If modern European languages derived from Latin and Greek, how did Latin and Greek come about?
According to the language chart I’m looking at here :
“The Indo-European family of languages, of which English is one member, are all descended from the prehistoric Proto-Indo-European language, which was spoken in an as yet unidentified area between eastern Europe and the Aral Sea around the fifth millennium B.C.”
I am the user formerly known as puffington.
Also, some of the languages of India are Indo-european, like Sanskrit.
I myself am an incorrigible conlang slut. I love oral lex.
The Romance languages (Italian, Spanish, Portuguese, French, Romanian, and a couple of obscure ones) are derived from Latin. Modern Greek is derived from Greek. German, English, Dutch, the Scandanavian languages, and some obscure languages are derived from Germanic. Russian, Polish, Czech, etc. are derived from Slavic. There’s a couple of other minor languages subgroups in Europe. All of these are derived from Indo-European.
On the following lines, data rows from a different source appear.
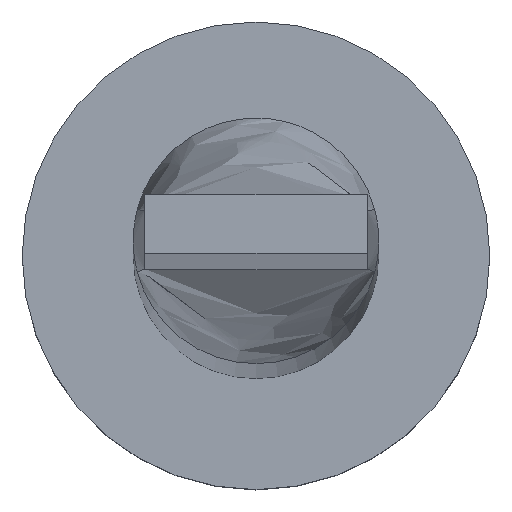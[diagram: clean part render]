
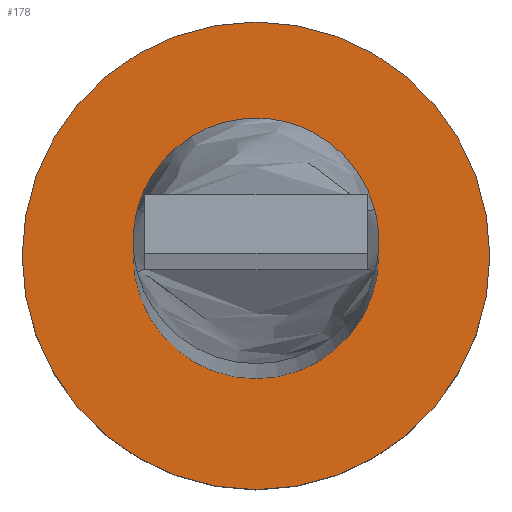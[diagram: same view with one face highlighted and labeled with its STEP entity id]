
A CAD part, top view. The second image highlights one B-rep face of the part: STEP entity #178.
In plain terms, the highlighted planar face has unit normal (0, 0, 1).
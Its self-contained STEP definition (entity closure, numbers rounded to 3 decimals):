
#6 = ORIENTED_EDGE ( 'NONE', *, *, #370, .F. ) ;
#14 = EDGE_CURVE ( 'NONE', #186, #139, #88, .T. ) ;
#18 = DIRECTION ( 'NONE',  ( 1., 0., 0. ) ) ;
#20 = AXIS2_PLACEMENT_3D ( 'NONE', #498, #87, #448 ) ;
#30 = CARTESIAN_POINT ( 'NONE',  ( 2.1, 0., 3. ) ) ;
#52 = AXIS2_PLACEMENT_3D ( 'NONE', #206, #391, #566 ) ;
#53 = AXIS2_PLACEMENT_3D ( 'NONE', #399, #491, #328 ) ;
#66 = CARTESIAN_POINT ( 'NONE',  ( 0., 0., 3. ) ) ;
#87 = DIRECTION ( 'NONE',  ( 0., 0., 1. ) ) ;
#88 = CIRCLE ( 'NONE', #326, 4. ) ;
#101 = CIRCLE ( 'NONE', #52, 2.1 ) ;
#135 = ORIENTED_EDGE ( 'NONE', *, *, #361, .F. ) ;
#139 = VERTEX_POINT ( 'NONE', #495 ) ;
#152 = FACE_OUTER_BOUND ( 'NONE', #492, .T. ) ;
#160 = CIRCLE ( 'NONE', #20, 2.1 ) ;
#164 = CARTESIAN_POINT ( 'NONE',  ( -2.1, 0., 3. ) ) ;
#177 = VERTEX_POINT ( 'NONE', #30 ) ;
#178 = ADVANCED_FACE ( 'NONE', ( #520, #152 ), #198, .T. ) ;
#186 = VERTEX_POINT ( 'NONE', #342 ) ;
#198 = PLANE ( 'NONE',  #488 ) ;
#206 = CARTESIAN_POINT ( 'NONE',  ( 0., 0., 3. ) ) ;
#234 = ORIENTED_EDGE ( 'NONE', *, *, #579, .T. ) ;
#296 = DIRECTION ( 'NONE',  ( 0., 0., 1. ) ) ;
#326 = AXIS2_PLACEMENT_3D ( 'NONE', #66, #348, #494 ) ;
#328 = DIRECTION ( 'NONE',  ( 1., 0., 0. ) ) ;
#342 = CARTESIAN_POINT ( 'NONE',  ( 4., 0., 3. ) ) ;
#348 = DIRECTION ( 'NONE',  ( 0., 0., 1. ) ) ;
#361 = EDGE_CURVE ( 'NONE', #407, #177, #101, .T. ) ;
#370 = EDGE_CURVE ( 'NONE', #177, #407, #160, .T. ) ;
#390 = ORIENTED_EDGE ( 'NONE', *, *, #14, .T. ) ;
#391 = DIRECTION ( 'NONE',  ( 0., 0., 1. ) ) ;
#399 = CARTESIAN_POINT ( 'NONE',  ( 0., 0., 3. ) ) ;
#407 = VERTEX_POINT ( 'NONE', #164 ) ;
#412 = CIRCLE ( 'NONE', #53, 4. ) ;
#448 = DIRECTION ( 'NONE',  ( 1., 0., 0. ) ) ;
#488 = AXIS2_PLACEMENT_3D ( 'NONE', #517, #296, #18 ) ;
#491 = DIRECTION ( 'NONE',  ( 0., 0., 1. ) ) ;
#492 = EDGE_LOOP ( 'NONE', ( #234, #390 ) ) ;
#494 = DIRECTION ( 'NONE',  ( 1., 0., 0. ) ) ;
#495 = CARTESIAN_POINT ( 'NONE',  ( -4., 0., 3. ) ) ;
#496 = EDGE_LOOP ( 'NONE', ( #135, #6 ) ) ;
#498 = CARTESIAN_POINT ( 'NONE',  ( 0., 0., 3. ) ) ;
#517 = CARTESIAN_POINT ( 'NONE',  ( 0., 0., 3. ) ) ;
#520 = FACE_BOUND ( 'NONE', #496, .T. ) ;
#566 = DIRECTION ( 'NONE',  ( 1., 0., 0. ) ) ;
#579 = EDGE_CURVE ( 'NONE', #139, #186, #412, .T. ) ;

There’s also some languages in Europe that aren’t derived from Indo-European, like Finnish, Hungarian, and Basque.
Go to a library and check out an introductory books about linguistics. Read especially the sections on historical linguistics. Do you have a set of encyclopedias? Read the article about Indo-European. This is a little complicated to explain in a single post, so you would do better to read a book about this.